> [Your objective]: Each entry should be repeated exactly. Its pictures should not be.

> [Entries supplied]:
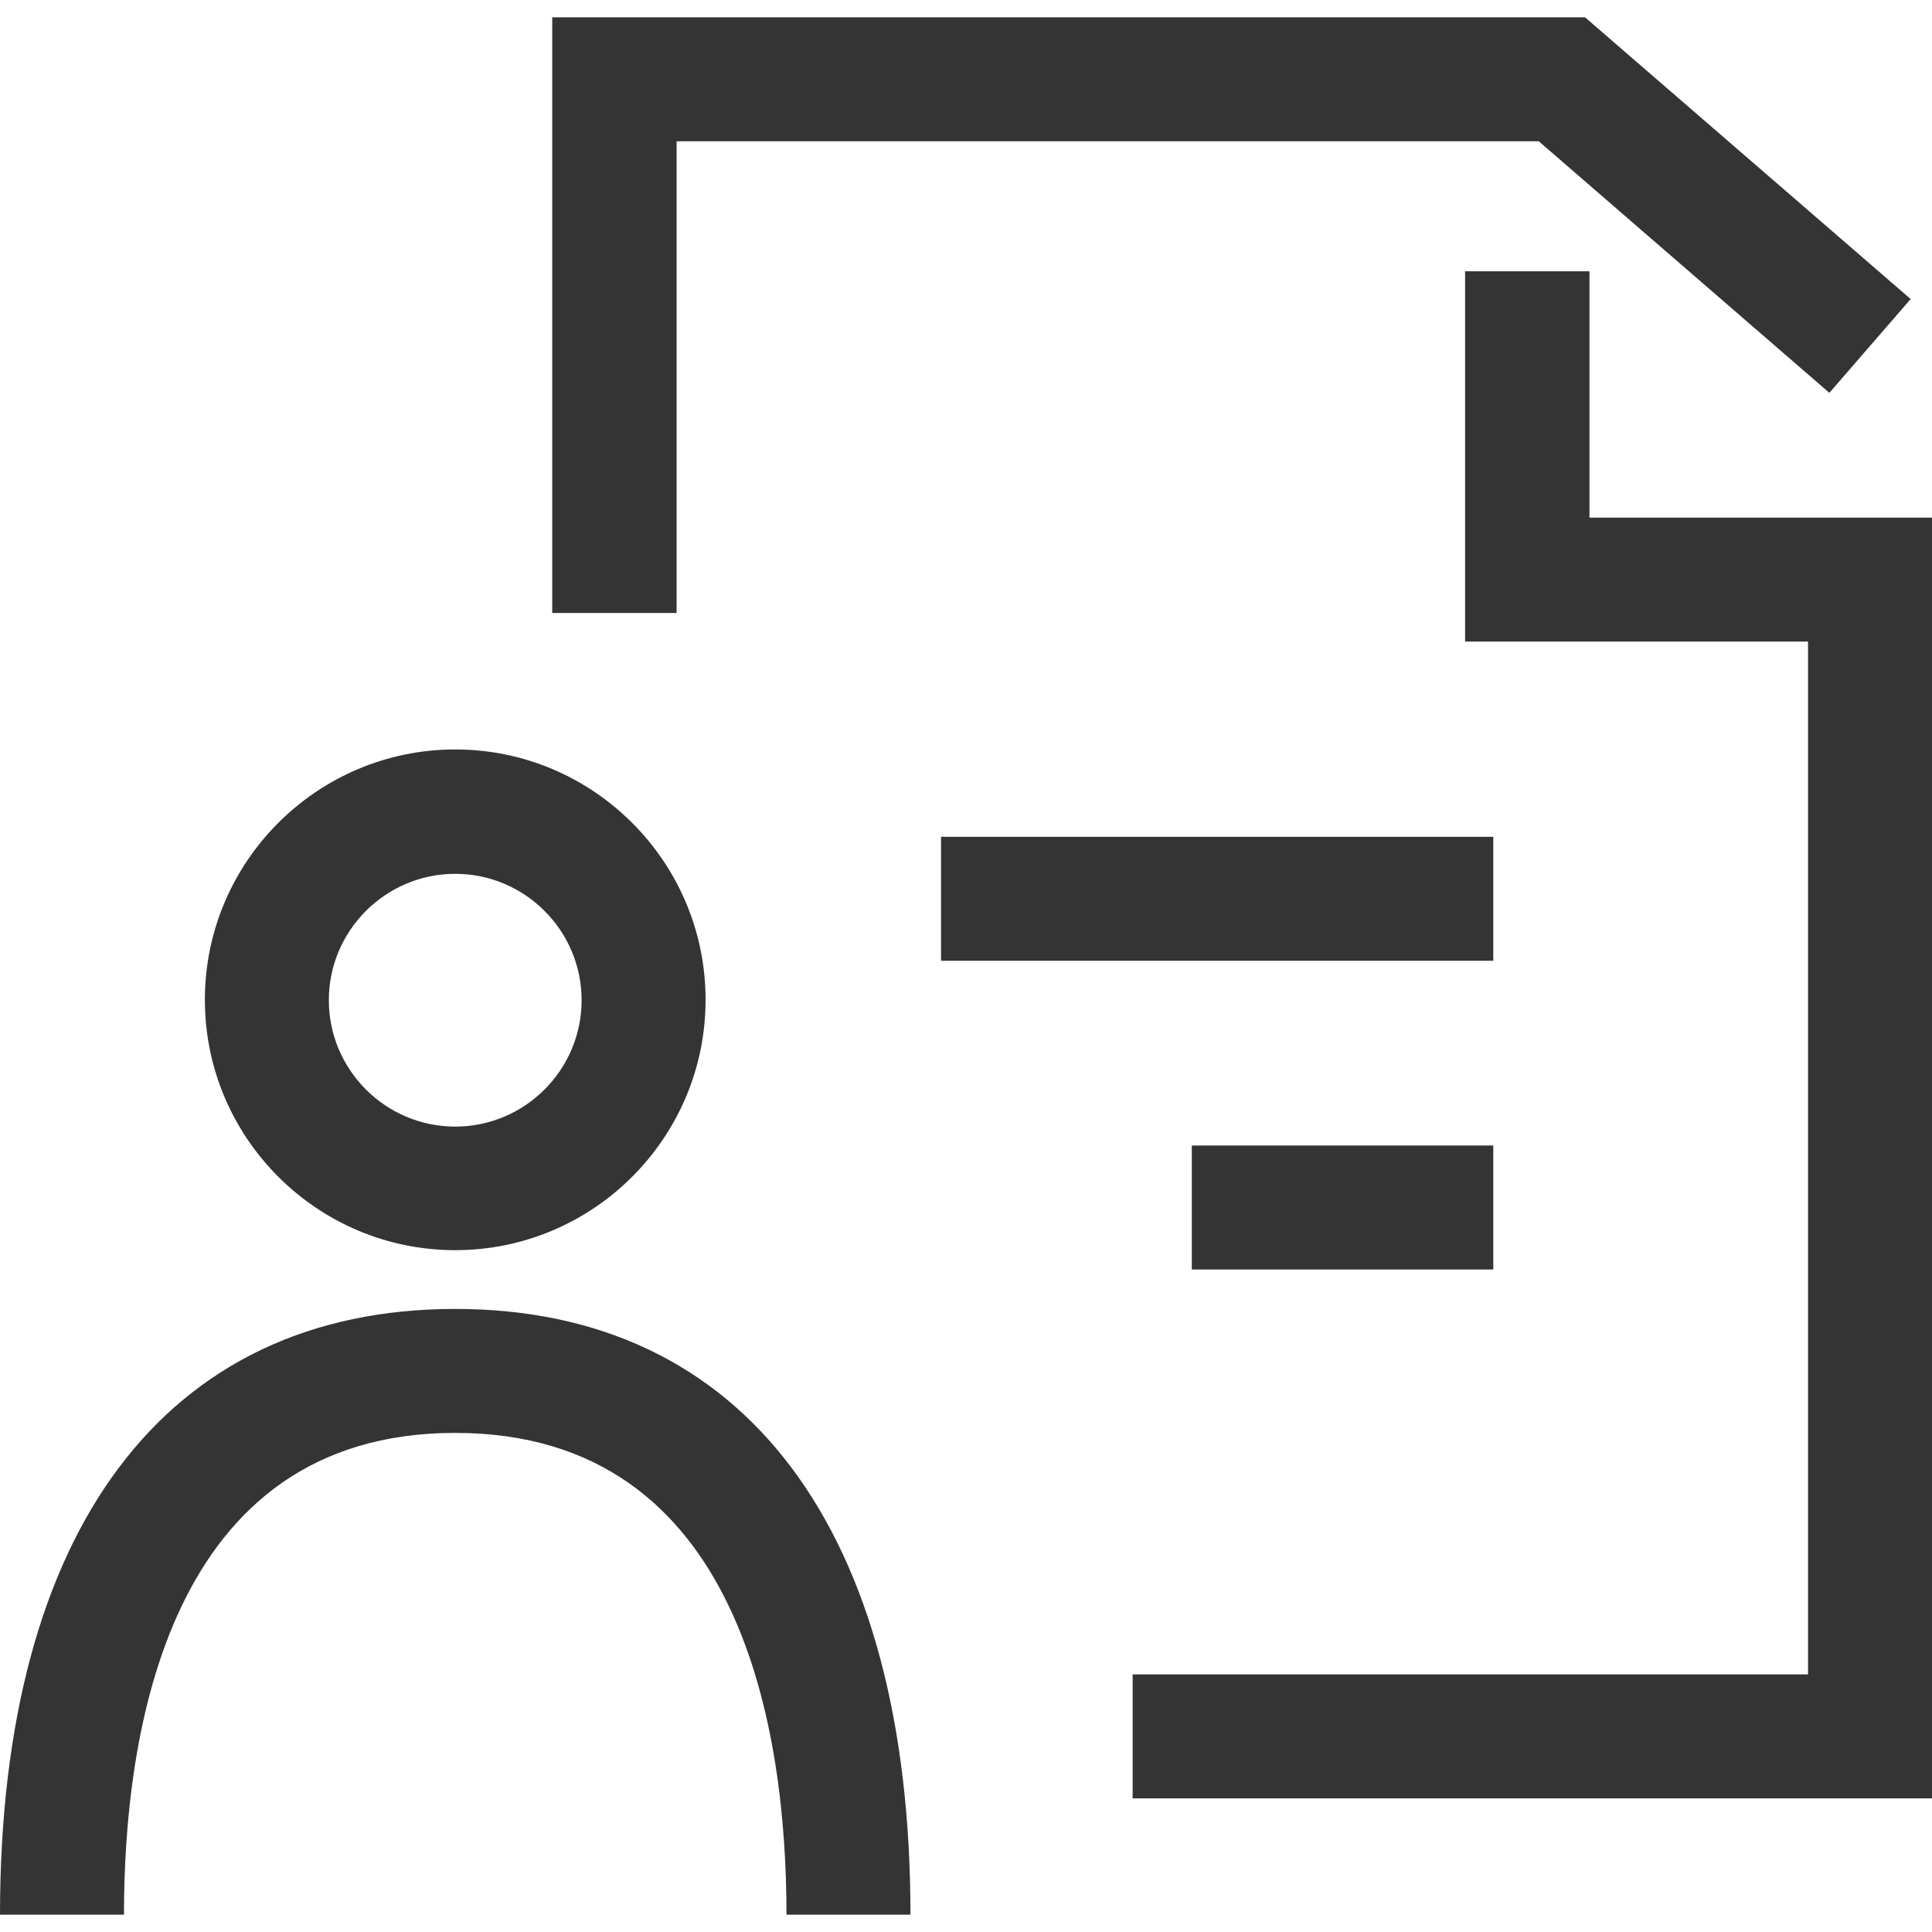 <?xml version="1.0" encoding="UTF-8"?>
<svg id="_レイヤー_2" data-name="レイヤー 2" xmlns="http://www.w3.org/2000/svg" viewBox="0 0 48 48">
  <defs>
    <style>
      .cls-1 {
        fill: none;
      }

      .cls-2 {
        fill: #343434;
      }
    </style>
  </defs>
  <g id="_レイヤー_1-2" data-name="レイヤー 1">
    <g>
      <rect class="cls-1" width="48" height="48"/>
      <g id="b">
        <path class="cls-2" d="M11.31,31.06c-3.43,0-6.22-2.79-6.22-6.22s2.79-6.22,6.22-6.22,6.22,2.79,6.22,6.22-2.79,6.22-6.22,6.22ZM11.31,21.71c-1.73,0-3.14,1.41-3.14,3.14s1.41,3.14,3.14,3.14,3.14-1.41,3.14-3.14-1.41-3.14-3.14-3.14Z"/>
        <rect class="cls-2" x="29.61" y="28.46" width="7.49" height="3.08"/>
        <rect class="cls-2" x="23.38" y="20.79" width="13.72" height="3.08"/>
        <polygon class="cls-2" points="16.81 15.23 13.72 15.23 13.72 .43 39.38 .43 47.47 7.43 45.45 9.76 38.23 3.51 16.81 3.51 16.81 15.23"/>
        <polygon class="cls-2" points="48 44.68 28.14 44.68 28.14 41.6 44.92 41.6 44.92 15.94 36.4 15.94 36.4 6.74 39.49 6.74 39.49 12.86 48 12.86 48 44.68"/>
        <path class="cls-2" d="M22.62,47.57h-3.08c0-4.47-1.07-11.97-8.23-11.97s-8.23,7.5-8.23,11.97H0c0-9.57,4.12-15.05,11.31-15.05s11.31,5.49,11.31,15.05Z"/>
      </g>
    </g>
  </g>
</svg>

> [Task result]:
 <?xml version="1.0" encoding="UTF-8"?>
<svg id="_レイヤー_2" data-name="レイヤー 2" xmlns="http://www.w3.org/2000/svg" viewBox="0 0 48 48">
  <defs>
    <style>
      .cls-1 {
        fill: none;
      }

      .cls-2 {
        fill: #343434;
      }
    </style>
  </defs>
  <g id="_レイヤー_1-2" data-name="レイヤー 1">
    <g>
      <rect class="cls-1" width="48" height="48"/>
      <g id="b">
        <path class="cls-2" d="M11.31,31.06c-3.43,0-6.22-2.79-6.22-6.22s2.79-6.22,6.22-6.22,6.22,2.79,6.22,6.22-2.79,6.22-6.22,6.22ZM11.31,21.71c-1.73,0-3.14,1.41-3.14,3.14s1.41,3.14,3.14,3.14,3.14-1.41,3.14-3.14-1.41-3.14-3.14-3.14Z"/>
        <rect class="cls-2" x="29.61" y="28.46" width="7.49" height="3.08"/>
        <rect class="cls-2" x="23.38" y="20.79" width="13.72" height="3.08"/>
        <polygon class="cls-2" points="16.81 15.23 13.72 15.23 13.72 .43 39.38 .43 47.47 7.43 45.45 9.76 38.23 3.51 16.81 3.51 16.81 15.23"/>
        <polygon class="cls-2" points="48 44.68 28.14 44.68 28.14 41.6 44.92 41.6 44.92 15.94 36.4 15.94 36.4 6.74 39.49 6.74 39.49 12.86 48 12.86 48 44.68"/>
        <path class="cls-2" d="M22.62,47.57h-3.08c0-4.47-1.07-11.97-8.23-11.97s-8.23,7.5-8.23,11.97H0c0-9.57,4.12-15.05,11.31-15.05s11.31,5.49,11.31,15.05Z"/>
      </g>
    </g>
  </g>
</svg>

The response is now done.